Women with blood levels of the vitamin lower than 15.3 nanograms per milliliter were more likely to die from causes such as heart disease and cancer than women with higher levels (above 27 ng/ml), according to findings published in Nutrition Research.

"The present findings from this population-based cohort of aging are consistent with the association between low serum 25(OH)D and mortality that has been described in […] the general population," wrote the researchers, led by Richard Semba from Johns Hopkins University.

"In addition, a recent meta-analysis suggested that vitamin D supplementation was associated with decreased mortality," they added.

The researchers noted that several biological mechanisms could explain a causal relationship between vitamin D deficiency and mortality, with the vitamin’s active form (1,25-dihydroxyvitamin D) linked to a range of effects including control of inflammatory compounds, regulating immune health and blood pressure, or reducing arterial hardening.

"The role that vitamin D plays in different tissues may account for the associations between vitamin D deficiency and cardiovascular disease, cancer and mortality," they said.

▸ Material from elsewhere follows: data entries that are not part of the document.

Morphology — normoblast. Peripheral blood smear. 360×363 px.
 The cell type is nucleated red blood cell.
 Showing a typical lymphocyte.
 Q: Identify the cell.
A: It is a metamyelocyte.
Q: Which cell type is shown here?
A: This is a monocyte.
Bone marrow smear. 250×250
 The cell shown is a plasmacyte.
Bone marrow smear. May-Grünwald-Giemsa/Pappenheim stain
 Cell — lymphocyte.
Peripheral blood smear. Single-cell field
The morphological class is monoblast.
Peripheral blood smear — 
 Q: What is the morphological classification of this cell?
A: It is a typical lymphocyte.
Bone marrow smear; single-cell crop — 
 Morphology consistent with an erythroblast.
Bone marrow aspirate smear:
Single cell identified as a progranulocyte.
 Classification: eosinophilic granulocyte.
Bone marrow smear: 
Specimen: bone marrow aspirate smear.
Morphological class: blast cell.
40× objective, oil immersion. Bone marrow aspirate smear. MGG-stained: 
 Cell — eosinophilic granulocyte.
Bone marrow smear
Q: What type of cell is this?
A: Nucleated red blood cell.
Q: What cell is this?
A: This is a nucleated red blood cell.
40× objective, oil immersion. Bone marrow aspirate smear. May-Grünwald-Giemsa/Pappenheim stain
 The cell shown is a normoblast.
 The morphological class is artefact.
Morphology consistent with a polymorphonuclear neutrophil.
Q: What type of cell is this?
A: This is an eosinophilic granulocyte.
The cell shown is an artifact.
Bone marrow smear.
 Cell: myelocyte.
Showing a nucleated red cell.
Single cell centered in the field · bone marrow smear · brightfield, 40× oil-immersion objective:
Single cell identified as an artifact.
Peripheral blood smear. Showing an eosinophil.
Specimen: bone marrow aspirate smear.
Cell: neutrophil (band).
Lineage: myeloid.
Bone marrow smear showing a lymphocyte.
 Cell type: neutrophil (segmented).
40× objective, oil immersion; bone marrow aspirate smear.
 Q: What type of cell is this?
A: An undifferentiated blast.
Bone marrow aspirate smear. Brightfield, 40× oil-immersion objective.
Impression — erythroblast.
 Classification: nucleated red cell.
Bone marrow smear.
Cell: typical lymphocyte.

The general population study used data from 13,331 men and women participating in the Third National Health and Nutritional Examination Survey (NHANES III). The results of the study grabbed headlines around the world when published last year in the Archives of Internal Medicine.

The new study looked at vitamin D levels in the form of 25-hydroxyvitamin D (25(OH)D)—the non-active "storage" form—in 714 community-dwelling women, aged between 70 and 79 years, participating in the Women’s Health and Aging Studies I and II.

During six years of follow-up, 100 of the 714 women died with data showing that the main causes of death included cardiovascular disease (36%), respiratory disease (18%), cancer (15%), and other causes (27%), state the researchers.

When the researchers divided the women into four groups (quartiles) according to their 25(OH)D levels, the proportion of women who died during those six years in each quartile was 19, 13, 15 and 8.1%, said the researchers.

Increasing blood levels of vitamin D were linked to increasing survival rates, with women with the lowest average 25(OH)D levels having "significantly worse survival" than women with the highest average levels of 25(OH)D.